Couch Tag
by Jesse Reklaw
-In this book there's a lot of pain and chaos in Jesse's memory and in his family. He uses an ironic scheme to organize the story of instability--playful, peaceful objects like games and animals and toys. On another level, in the book there's the thing where you try to figure out who you are in relation to the Others you bounce off—family, friends—and who shape you, and it feels like he's trying to triangulate himself in relation to these other people. It can be a difficult process in the best of times, but especially when your family has troubles. As you grow older you try to figure out yourself in relation to abstract ordering schemes you read about, like in comics, philosophy, or what it means to be an "artist." In the "Fred Robinson story" the friendship and creative collaborative relationship between him and another guy grows organically around some arbitrary organizing devices, and it seems like those were good times.

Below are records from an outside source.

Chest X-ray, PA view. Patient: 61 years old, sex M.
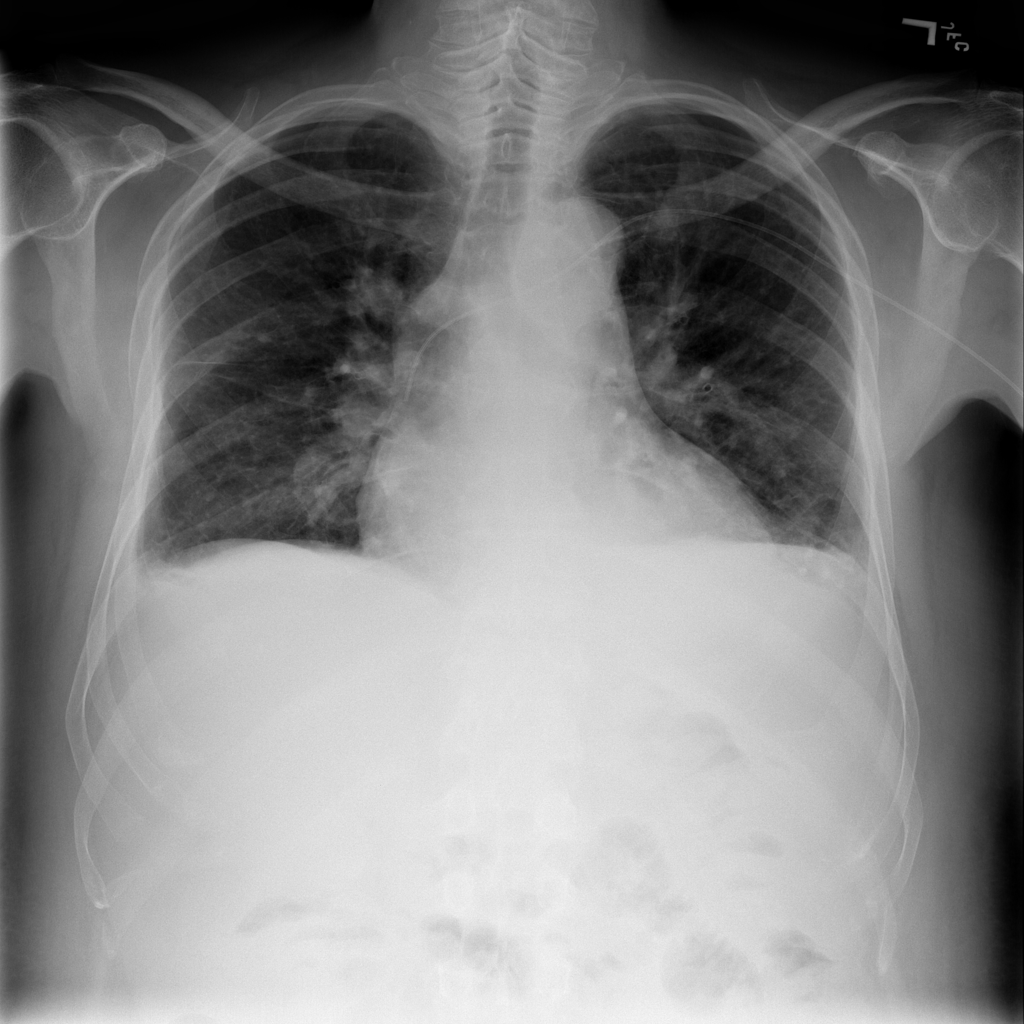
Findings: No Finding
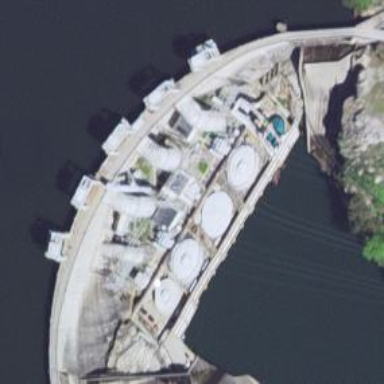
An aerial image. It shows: Hydro power generator using the water-storage method.

Late in the book he twice tells anecdotes in which there are organizing schemes which lead to him taking the position of “nothing” (in psychological testing + Greek numerology) or adopting the nickname "Nothing." This instinct to sublimate life into metaphors and symbols is responsible for the book itself, and is a recognition of new possibilities for coping. In the final story he uses the alphabet, and his calm, quiet—almost too quiet—cartooning style gets noisier and frantically layered. There's this feeling like the manic energy is straining to break through the ordered arrangement of the comics grid and the storytelling devices. I'm not sure how to read that change in style, in terms of what it is an expression of. [later addition: looks like it's arthritis.] It threatens to bring the whole house down around it, or become something other than an orderly comics page. It’s a fun style to look at, in the sense that there’s a lot of new psychedelic levels through which to look at the panels, but I don’t think you want to go too far down that path, or else the comic as a readable balance of mark-making and symbol will start to break down. There’s a lot of energy hidden, pent up, in Reklaw’s older normal “square” cartooning style, and it’s starting to bust out and become unpredictable, more like he is in person.